> **What you are asked to do**: Should any entry include an image, skip the image and copy the entry exactly.

> **Task data**:
■ ■ ■ ■ ■ ■ ■

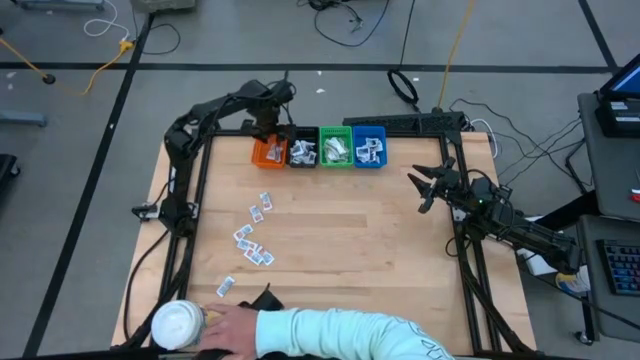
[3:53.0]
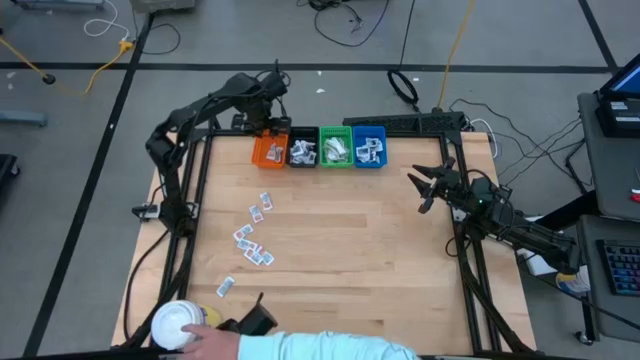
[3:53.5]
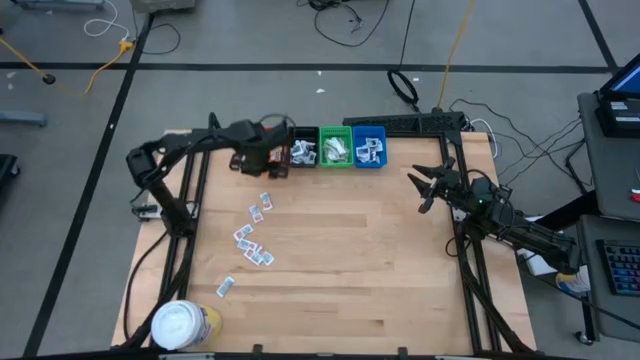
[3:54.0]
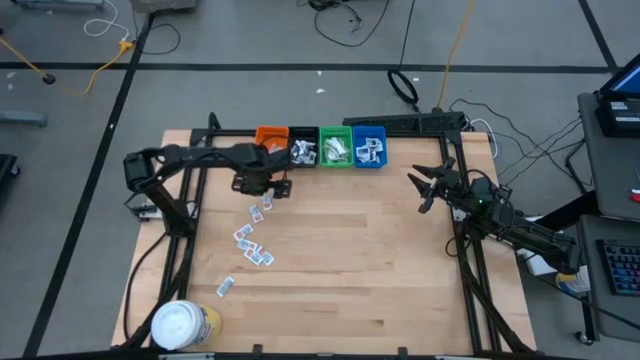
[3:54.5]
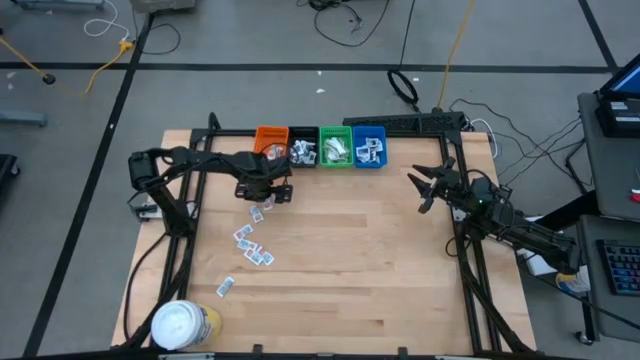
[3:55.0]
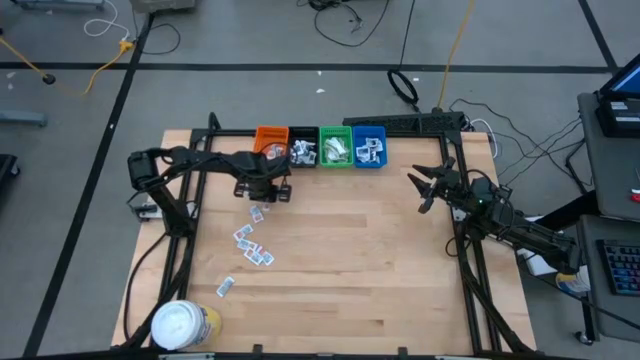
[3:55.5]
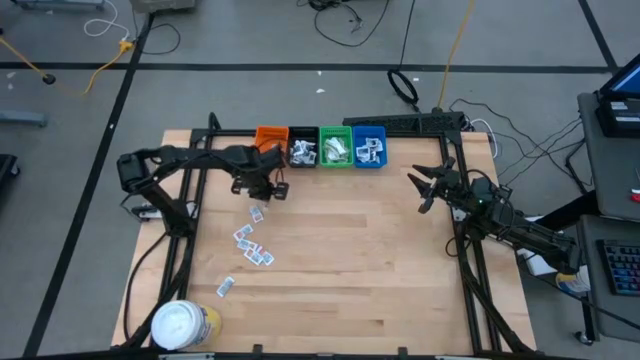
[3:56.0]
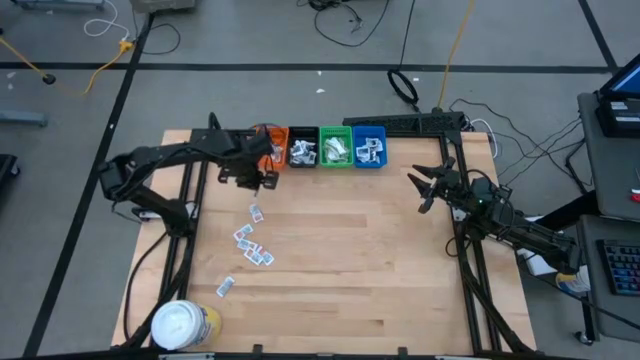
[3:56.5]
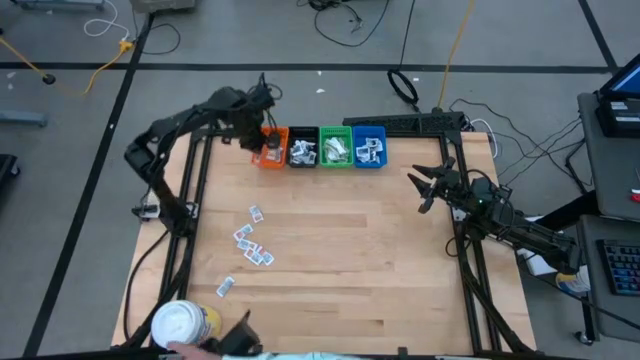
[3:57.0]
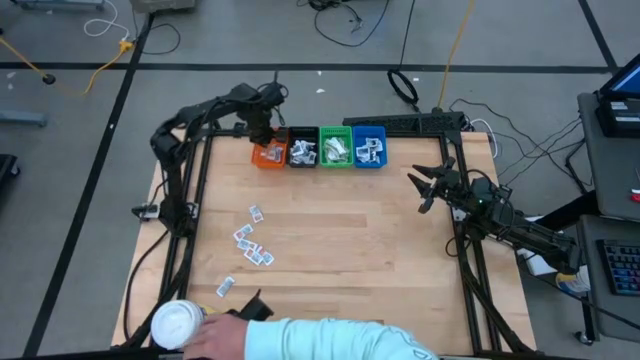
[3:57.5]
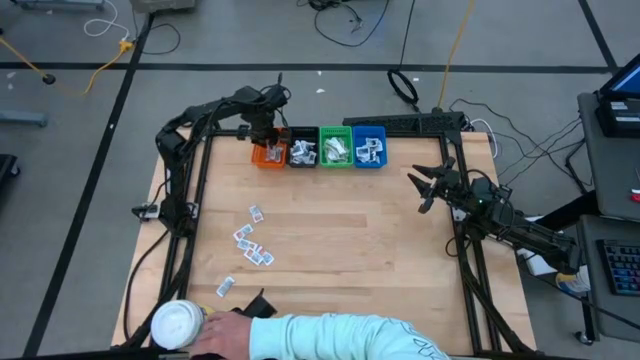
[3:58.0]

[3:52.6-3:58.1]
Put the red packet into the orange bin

■ ■ ■ ■ ■ ■ ■

> **Finished exercise**:
[3:53.0]
[3:53.5]
[3:54.0]
[3:54.5]
[3:55.0]
[3:55.5]
[3:56.0]
[3:56.5]
[3:57.0]
[3:57.5]
[3:58.0]

[3:52.6-3:58.1]
Put the red packet into the orange bin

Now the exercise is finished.